### Goal of the exercise:
Restate the data below word for word. Leave the images out.

### Data:
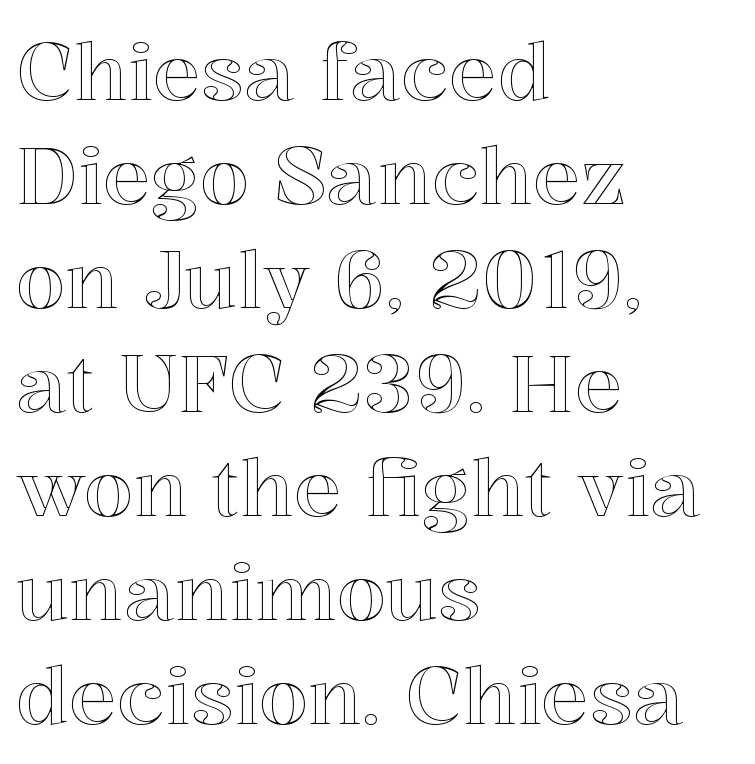
{"italic": "no", "width": "normal", "x_height": "medium", "monospaced": "no", "underline": "no", "align": "left", "line_spacing": "normal", "line_spacing_ratio": 1.3, "letter_spacing": "normal", "letter_spacing_em": 0.0, "glyph_px": 80}
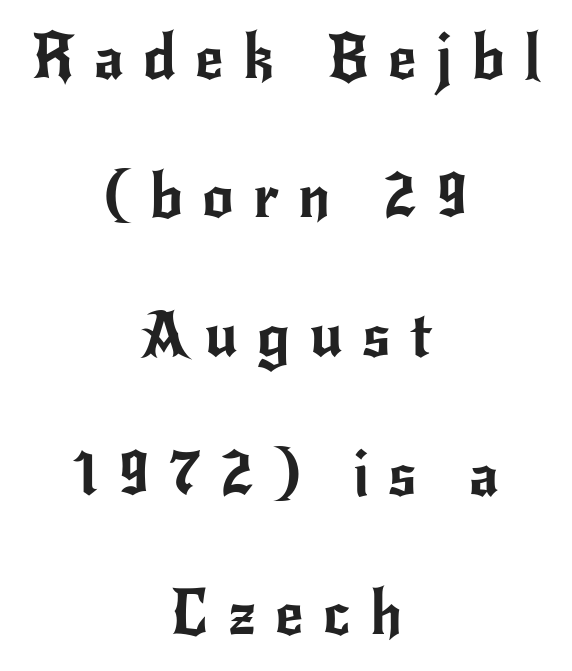
{"serif": "no", "italic": "no", "width": "normal", "stroke_contrast": "low", "x_height": "small", "monospaced": "no", "underline": "no", "align": "center", "line_spacing": "loose", "line_spacing_ratio": 2.24, "letter_spacing": "wide", "letter_spacing_em": 0.31, "glyph_px": 62}
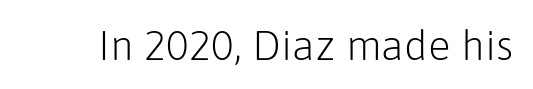
Descender tails drop into unmarked territory. The typeface chosen for these lines omits serifs. This is not heavy type; no bold has been used. Observe the ordinary spacing: letters are neighbours, not strangers. Tall strokes in this sample are plumb rather than angled.

### Finished task:
{"italic": "no", "width": "normal", "x_height": "medium", "monospaced": "no", "underline": "no", "align": "left", "line_spacing": "normal", "line_spacing_ratio": 1.3, "letter_spacing": "normal", "letter_spacing_em": 0.0, "glyph_px": 80}
{"serif": "no", "italic": "no", "width": "normal", "stroke_contrast": "low", "x_height": "small", "monospaced": "no", "underline": "no", "align": "center", "line_spacing": "loose", "line_spacing_ratio": 2.24, "letter_spacing": "wide", "letter_spacing_em": 0.31, "glyph_px": 62}
Descender tails drop into unmarked territory. The typeface chosen for these lines omits serifs. This is not heavy type; no bold has been used. Observe the ordinary spacing: letters are neighbours, not strangers. Tall strokes in this sample are plumb rather than angled.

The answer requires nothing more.